Ugh, disgusting. Even if he does run a agency with multiple bus routes and multiple rail routes and does a fantastic job, no way he deserves 400k per year.


----------



## Spokker (Feb 9, 2011)

But the article is yellow journalism that distorts the facts to push a sensational story. He may or may not be getting paid too much, but the paper tied it to Caltrain for no reason and then threw in "struggling commuter rail agency" to boot. Caltrain pays Scanlon $85,647. The problem is with the other agencies.

The response: http://www.publicceo.com/index.php/local-governments/151-local-governments-publicceo-exclusive/2560-caltrain-and-san-mateo-county-transit-district-fight-qinaccuraciesq

By the way, Scanlon cashed out his vacation time and donated it to charity.


----------



## sechs (Feb 9, 2011)

Let's call a spade a spade. It doesn't matter the situation of the agencies for which he works. Scanlon's compensation is out of line for his position.


----------



## AlanB (Feb 9, 2011)

Spokker said:


> But the article is yellow journalism that distorts the facts to push a sensational story.


Agreed, the stories could have been better written, but of course they like sensationalism, as it sells.



Spokker said:


> He may or may not be getting paid too much, but the paper tied it to Caltrain for no reason and then threw in "struggling commuter rail agency" to boot. Caltrain pays Scanlon $85,647. The problem is with the other agencies.


On the other hand, one must consider that one of the other two agencies that is over paying Mr. Scanlon is San Mateo County's SamTrans. Of Caltrain's funding, 34% comes from the following three agencies; SamTrans, the Santa Clara's VTA (San Jose), and San Francisco's MTA. So one of the agencies that Mr. Scanlon runs and is overpaid by, is also one of the agencies that is at least partially responsible for Caltrain's financial woes.

One has to wonder if that isn't a conflict of interest?



Spokker said:


> By the way, Scanlon cashed out his vacation time and donated it to charity.


That's very nice of him, but frankly it smacks of him trying to close the barn door after the horse is already out. I'm not sure if that's actually true, but still it does raise questions.


----------



## Spokker (Feb 10, 2011)

sechs said:


> Let's call a spade a spade. It doesn't matter the situation of the agencies for which he works. Scanlon's compensation is out of line for his position.


Based on what?

He could probably make more in the private sector. Most of Caltrain's problems are out of his hands. I love the comments from people that say, "Pay me 100k and I could have Caltrain in the black in no time!" Good luck navigating the political realities of transportation funding. Their only options will be to cut trains, raise fares or some combination of the two.
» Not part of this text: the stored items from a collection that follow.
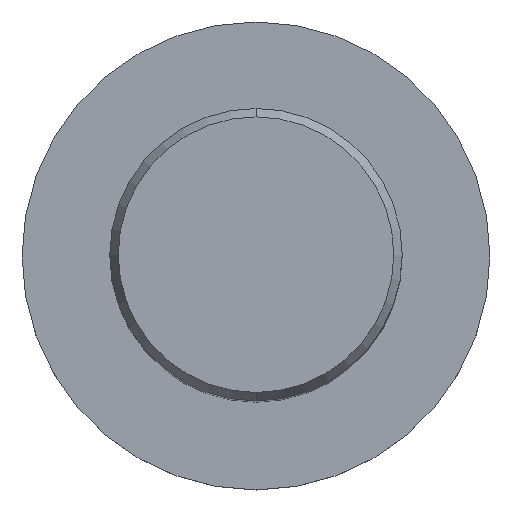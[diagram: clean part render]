
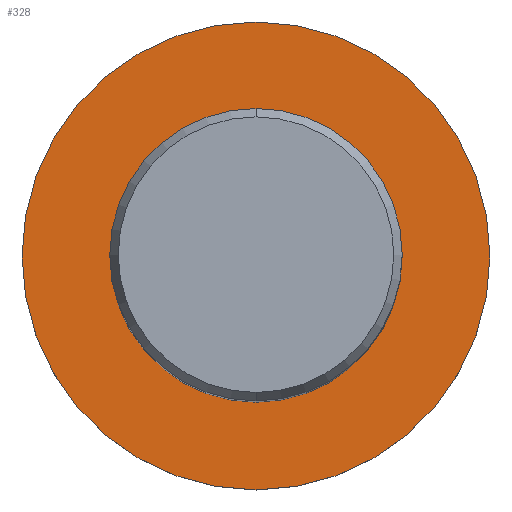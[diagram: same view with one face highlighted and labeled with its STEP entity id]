
A CAD part, top view. The second image highlights one B-rep face of the part: STEP entity #328.
In plain terms, the highlighted planar face has unit normal (0, 0, 1).
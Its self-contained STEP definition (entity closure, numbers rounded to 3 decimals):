
#240=EDGE_CURVE('',#368,#332,#574,.T.);
#262=EDGE_CURVE('',#332,#368,#598,.T.);
#276=EDGE_CURVE('',#452,#478,#614,.T.);
#328=ADVANCED_FACE('',(#671,#672),#673,.T.);
#332=VERTEX_POINT('',#677);
#368=VERTEX_POINT('',#716);
#452=VERTEX_POINT('',#811);
#476=EDGE_CURVE('',#478,#452,#838,.T.);
#478=VERTEX_POINT('',#840);
#574=CIRCLE('',#961,16.0);
#598=CIRCLE('',#991,16.0);
#614=CIRCLE('',#1012,10.0);
#671=FACE_BOUND('',#1156,.T.);
#672=FACE_OUTER_BOUND('',#1157,.T.);
#673=PLANE('',#1158);
#677=CARTESIAN_POINT('',(0.0,16.0,-50.0));
#716=CARTESIAN_POINT('',(0.,-16.0,-50.0));
#811=CARTESIAN_POINT('',(0.,-10.0,-50.0));
#838=CIRCLE('',#1522,10.0);
#840=CARTESIAN_POINT('',(0.0,10.0,-50.0));
#961=AXIS2_PLACEMENT_3D('',#1607,#1608,#1609);
#991=AXIS2_PLACEMENT_3D('',#1641,#1642,#1643);
#1012=AXIS2_PLACEMENT_3D('',#1666,#1667,#1668);
#1156=EDGE_LOOP('',(#1741,#1742));
#1157=EDGE_LOOP('',(#1743,#1744));
#1158=AXIS2_PLACEMENT_3D('',#1745,#1746,#1747);
#1522=AXIS2_PLACEMENT_3D('',#1937,#1938,#1939);
#1607=CARTESIAN_POINT('',(0.0,0.0,-50.0));
#1608=DIRECTION('',(0.0,0.0,-1.0));
#1609=DIRECTION('',(0.0,1.0,0.0));
#1641=CARTESIAN_POINT('',(0.0,0.0,-50.0));
#1642=DIRECTION('',(0.0,0.0,-1.0));
#1643=DIRECTION('',(0.0,1.0,0.0));
#1666=CARTESIAN_POINT('',(0.0,0.0,-50.0));
#1667=DIRECTION('',(-0.0,0.0,-1.0));
#1668=DIRECTION('',(0.0,1.0,0.0));
#1741=ORIENTED_EDGE('',*,*,#476,.T.);
#1742=ORIENTED_EDGE('',*,*,#276,.T.);
#1743=ORIENTED_EDGE('',*,*,#262,.F.);
#1744=ORIENTED_EDGE('',*,*,#240,.F.);
#1745=CARTESIAN_POINT('',(0.0,8.0,-50.0));
#1746=DIRECTION('',(-0.0,0.0,1.0));
#1747=DIRECTION('',(0.0,-1.0,0.0));
#1937=CARTESIAN_POINT('',(0.0,0.0,-50.0));
#1938=DIRECTION('',(-0.0,0.0,-1.0));
#1939=DIRECTION('',(0.0,1.0,0.0));

In fact, Caltrain could be doing poorly in spite of Scanlon's best efforts. "It's the economy, stupid."


----------



## me_little_me (Feb 10, 2011)

Spokker said:


> sechs said:
> 
> 
> > Let's call a spade a spade. It doesn't matter the situation of the agencies for which he works. Scanlon's compensation is out of line for his position.
> ...


When CEOs make tons of money but their defenders blame the bad economy for the bad performance of their organization, it makes me laugh. When the economy improves, they don't refuse a pay raise because "I didn't do a better job. We just did better because the economy has improved".
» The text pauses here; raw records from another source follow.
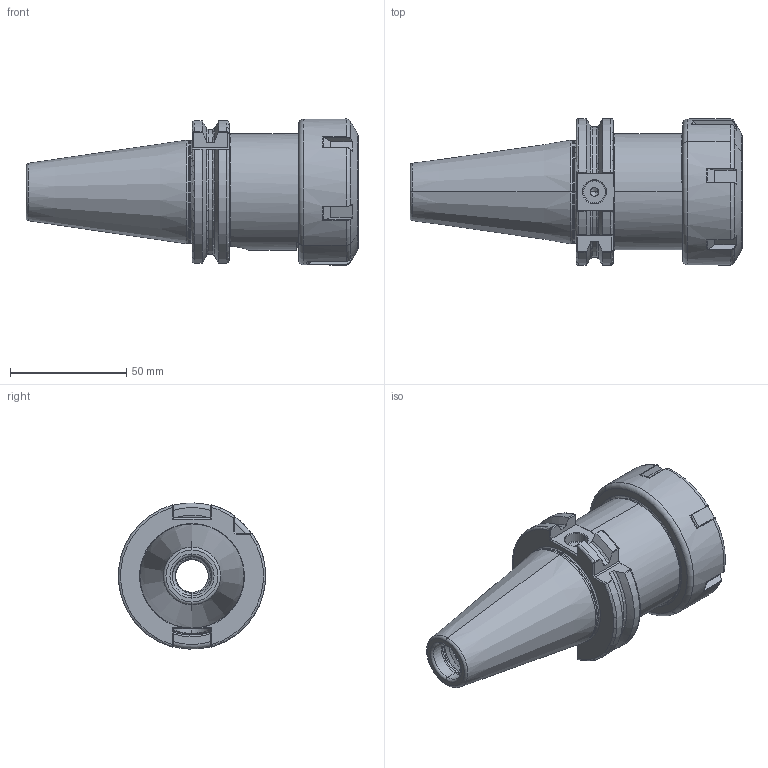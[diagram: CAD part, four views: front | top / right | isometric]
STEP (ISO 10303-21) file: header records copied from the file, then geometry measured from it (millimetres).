
FILE_DESCRIPTION (( 'STEP AP203' ), '1' );
FILE_NAME ('402.02.26.STEP', '2016-07-16T02:25:19', ( '' ), ( '' ), 'SwSTEP 2.0', 'SolidWorks 2012', '' );
FILE_SCHEMA (( 'CONFIG_CONTROL_DESIGN' ));
Length unit declared in the file: millimetre
Products named in the file (3): 402.02.26; 2-01.100.0400260C7_ER40螺帽(六溝)
Assembly tree (2 placements, depth 2):
  402.02.26
    402.02.26
    2-01.100.0400260C7_ER40螺帽(六溝)
Bounding box: 143.1 x 63.34 x 62.95 mm (x, y, z)
Volume: 175509.9 mm3; surface area: 51061.9 mm2
Topology: 2 solids, 2 shells, 379 faces, 1008 edges, 625 vertices
Faces by surface type: cylinder 130, plane 89, bspline 62, torus 60, cone 38
Entity records: 23508 total; most frequent: CARTESIAN_POINT 15028, ORIENTED_EDGE 1992, DIRECTION 1385, EDGE_CURVE 996, VERTEX_POINT 625, AXIS2_PLACEMENT_3D 543, EDGE_LOOP 387, FACE_OUTER_BOUND 379

Almost as sensible as the layoffs of employees but no pay cuts for the executives since their responsibility is now decreased. Ever hear of all the administrators in a school system getting 10% pay cuts when the number of teachers is cut by 10% to save money?


----------



## Spokker (Feb 10, 2011)

Scanlon has had his wage frozen since 2008 due to the poor economy.
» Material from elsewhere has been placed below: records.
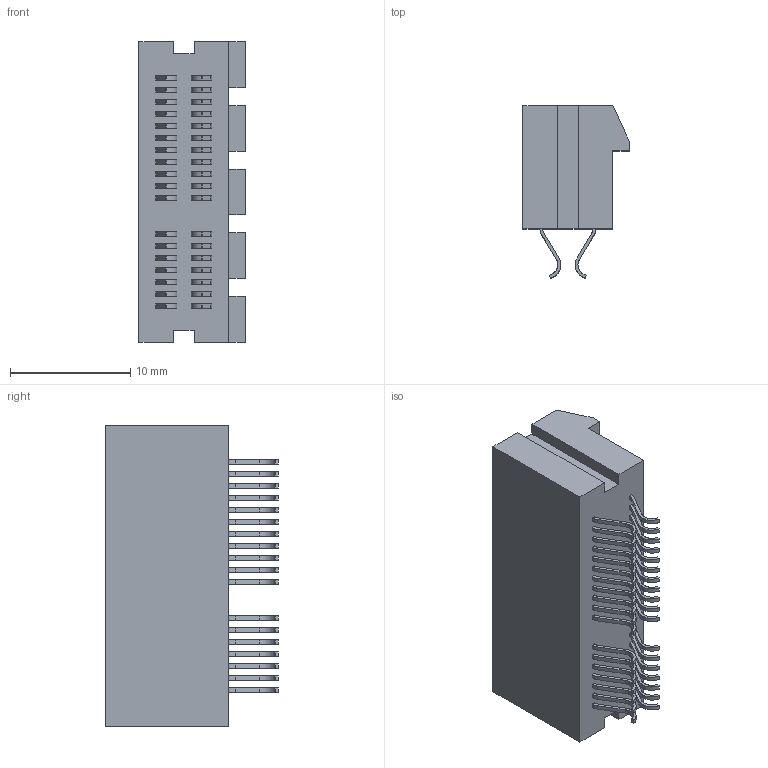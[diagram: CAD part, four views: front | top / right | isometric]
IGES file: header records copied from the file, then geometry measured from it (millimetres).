
Start section: SolidWorks IGES file using analytic representation for surfaces
Global section: file name: KPCIEX-SM1-36BK_rA3.IGS; native system: SolidWorks 2014; preprocessor: SolidWorks 2014; author: Ckelleher; date: 160721.134246; units: millimetre
Bounding box: 8.85 x 14.35 x 25 mm (x, y, z)
Surface area: 1707.6 mm2 (no closed solid volume)
Topology: 0 solids, 0 shells, 440 faces, 3264 edges, 3264 vertices
Faces by surface type: bspline 260, revolution 180

The management of a corporation is far different from that of a public agency designed to provide commuter rail service. Caltrain is a money loser even in good times. The idea is that there is a public benefit which justifies the use of tax dollars to fund a portion of the service. When those tax dollars dry up, and nobody is willing to increase taxes, you either cut trains or raise fares.

If they ever make capital improvements to the line, such as electrification and grade separation, the service may become attractive enough to cover its own operating costs and be run more like a real business, but again, that would require more tax dollars.


----------



## sechs (Feb 10, 2011)

It appears that Scanlon was paid more than the head of any other California state transit agency with at least 100 employees. LA Metro, by some measures is about fifteen times bigger than SamTrans and Caltrain combined, but Scanlon still makes more than its head.

I'd argue that Scanlon's pay was out of line before 2008. It's just that nobody noticed or particularly cared because there was enough money to pay it.


----------



## DET63 (Feb 12, 2011)

I'm not sure I'd call the article "yellow journalism." It is from the Website of the _San Francisco Chronicle_, a newspaper that is owned by a corporation that was started by William Randolph Hearst . . .

Well, come to think of it, maybe the label isn't so far wrong.


----------



## JJJ (Feb 14, 2011)

The problem is that many people do not realize that the following two scenarios are not compatible:

"Run x agency like a business!"

and

"Let the public micromanage wages!"

The first implies that salaries will compete with private enterprise salaries, after all, it's the same pool of people. If you want the best, you have to pay the best.

The second, of course, implies the exact opposite.


----------